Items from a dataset
<<<<

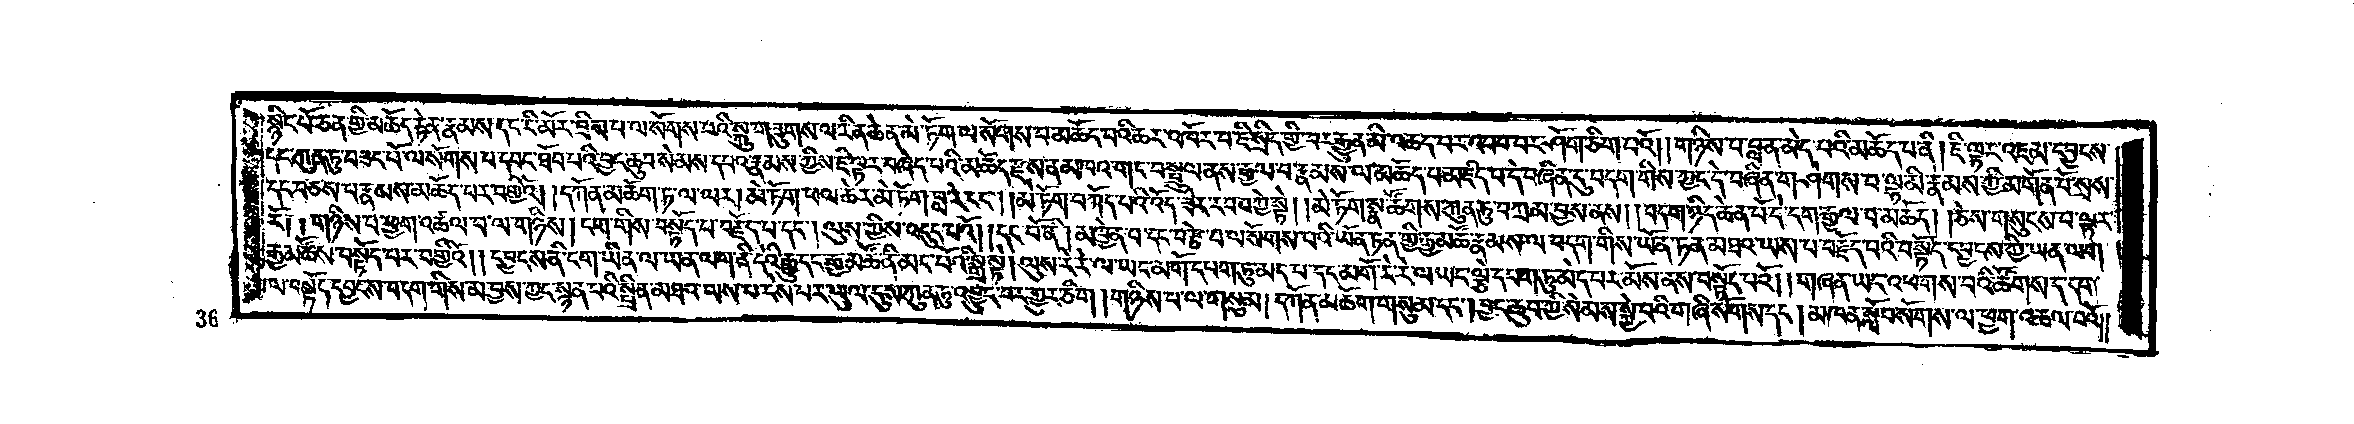སྙིང་པོ་ཅན་གྱི་མཆོད་རྟེན་རྣམས་དང་རི་མོར་བྲིས་པ་ལ་སོགས་པའི་སྐུ་གཟུགས་ལ་རིན་ཆེན་མེ་ཏོག་ལ་སོགས་པ་མཆོད་པའི་ཆར་འཁོར་བ་ཇི་སྲིད་གྱི་བར་རྒྱུན་མི་འཆད་པར་འབབ་བར་ཤོག་ཅིག་པའོ། །གཉིས་པ་བླ་ན་མེད་པའི་ཆོད་པ་ནི། ཇི་ལྟར་འཇམ་དབྱངས་
དང་ཀུན་ཏུ་བཟང་པོ་ལ་སོགས་པ་དབང་ཐོབ་པའི་བྱང་ཆུབ་སེམས་དཔའ་རྣམས་ཀྱིས་ཇི་ལྟར་བཞེད་པའི་མཆོད་རྫས་ནམ་མཁའ་གང་བ་སྤྲུལ་ནས་རྒྱལ་བ་རྣམས་ལ་མཆོད་པ་མཛད་པ་དེ་བཞིན་དུ་བདག་གིས་ཀྱང་དེ་བཞིན་གཤེགས་པ་ལྷ་མི་རྣམས་ཀྱི་མགོན་པོ་སྲས་
དང་བཅས་པ་རྣམས་མཆོད་པར་བགྱིའོ། །དཀོན་མཆོག་ཏ་ལ་ལར། མེ་ཏོག་ཕལ་ཆེར་ཏོག་བླ་རེ་དང་། །མེ་ཏོག་བཀོད་པའི་འོད་ཟེར་རབ་བགྱི་སྟེ། །མེ་ཏོག་སྣ་ཚོགས་ཀུན་ཏུ་བཀྲམ་བྱས་ནས། །བདག་ཉིད་ཆེན་པོ་དེ་དག་རྒྱལ་བ་མཆོད། །ཅེས་གསུངས་པ་ལྟར་
རོ༑ ༑གཉིས་པ་ཕྱག་འཚལ་བ་ལ་གཉིས། ངག་གིས་བསྟོད་པ་བརྗོད་པ་དང་། ལུས་ཀྱིས་འདུད་པའོ། །དང་པོ་ནི། མཁྱེན་པ་དང་བརྩེ་བ་ལ་སོགས་པའི་ཡོན་ཏན་གྱི་རྒྱ་མཚོ་རྣམས་ལ་བདག་གིས་ཡོན་ཏན་མཐའ་ཡས་པ་བརྗོད་པའི་བསྟོད་དབྱངས་ཀྱི་ཡན་ལག་
རྒྱ་མཚོས་བསྟོད་པར་བགྱིའོ། །དབྱངས་ནི་ངག་ཡིན་ལ་ཡན་ལག་ནི་དེའི་རྒྱུ་དང་རྒྱ་མཚོ་ནི་མང་པོའི་སྒྲ་སྟེ། ལུས་རེ་རེ་ལ་ཡང་མགོ་དཔག་ཏུ་མེད་པ་དང་མགོ་རེ་རེ་ལ་ཡང་ལྕེ་དཔག་ཏུ་མེད་པར་མོས་ནས་བསྟོད་པའོ། །གཞན་ཡང་འཕགས་པའི་ཚོགས་དེ་དག་
ལ་བསྟོད་དབྱངས་བདག་གིས་མ་བྱས་ཀྱང་སྙན་པའི་སྤྲིན་མཐའ་ཡས་པ་ངེས་པར་ཡུལ་དུས་ཀུན་ཏུ་འབྱུང་བར་གྱུར་ཅིག །གཉིས་པ་ལ་གསུམ། དཀོན་མཆོག་གསུམ་དང་། བྱང་ཆུབ་ཀྱི་སེམས་སྐྱེ་བའི་གཞི་སོགས་དང་། མཁན་སློབ་སོགས་ལ་ཕྱག་འཚལ་བའོ། །

>>>>

### Exercise requirements
Please output the line that contains "རོ༑ ༑གཉིས་པ་ཕྱག་འཚལ་བ་ལ་གཉིས། ངག་གིས་བསྟོད་པ་བརྗོད་པ་དང་།" and every line after it in the entries above, exactly, and nothing more.

### Reply to the task
རོ༑ ༑གཉིས་པ་ཕྱག་འཚལ་བ་ལ་གཉིས། ངག་གིས་བསྟོད་པ་བརྗོད་པ་དང་། ལུས་ཀྱིས་འདུད་པའོ། །དང་པོ་ནི། མཁྱེན་པ་དང་བརྩེ་བ་ལ་སོགས་པའི་ཡོན་ཏན་གྱི་རྒྱ་མཚོ་རྣམས་ལ་བདག་གིས་ཡོན་ཏན་མཐའ་ཡས་པ་བརྗོད་པའི་བསྟོད་དབྱངས་ཀྱི་ཡན་ལག་
རྒྱ་མཚོས་བསྟོད་པར་བགྱིའོ། །དབྱངས་ནི་ངག་ཡིན་ལ་ཡན་ལག་ནི་དེའི་རྒྱུ་དང་རྒྱ་མཚོ་ནི་མང་པོའི་སྒྲ་སྟེ། ལུས་རེ་རེ་ལ་ཡང་མགོ་དཔག་ཏུ་མེད་པ་དང་མགོ་རེ་རེ་ལ་ཡང་ལྕེ་དཔག་ཏུ་མེད་པར་མོས་ནས་བསྟོད་པའོ། །གཞན་ཡང་འཕགས་པའི་ཚོགས་དེ་དག་
ལ་བསྟོད་དབྱངས་བདག་གིས་མ་བྱས་ཀྱང་སྙན་པའི་སྤྲིན་མཐའ་ཡས་པ་ངེས་པར་ཡུལ་དུས་ཀུན་ཏུ་འབྱུང་བར་གྱུར་ཅིག །གཉིས་པ་ལ་གསུམ། དཀོན་མཆོག་གསུམ་དང་། བྱང་ཆུབ་ཀྱི་སེམས་སྐྱེ་བའི་གཞི་སོགས་དང་། མཁན་སློབ་སོགས་ལ་ཕྱག་འཚལ་བའོ། །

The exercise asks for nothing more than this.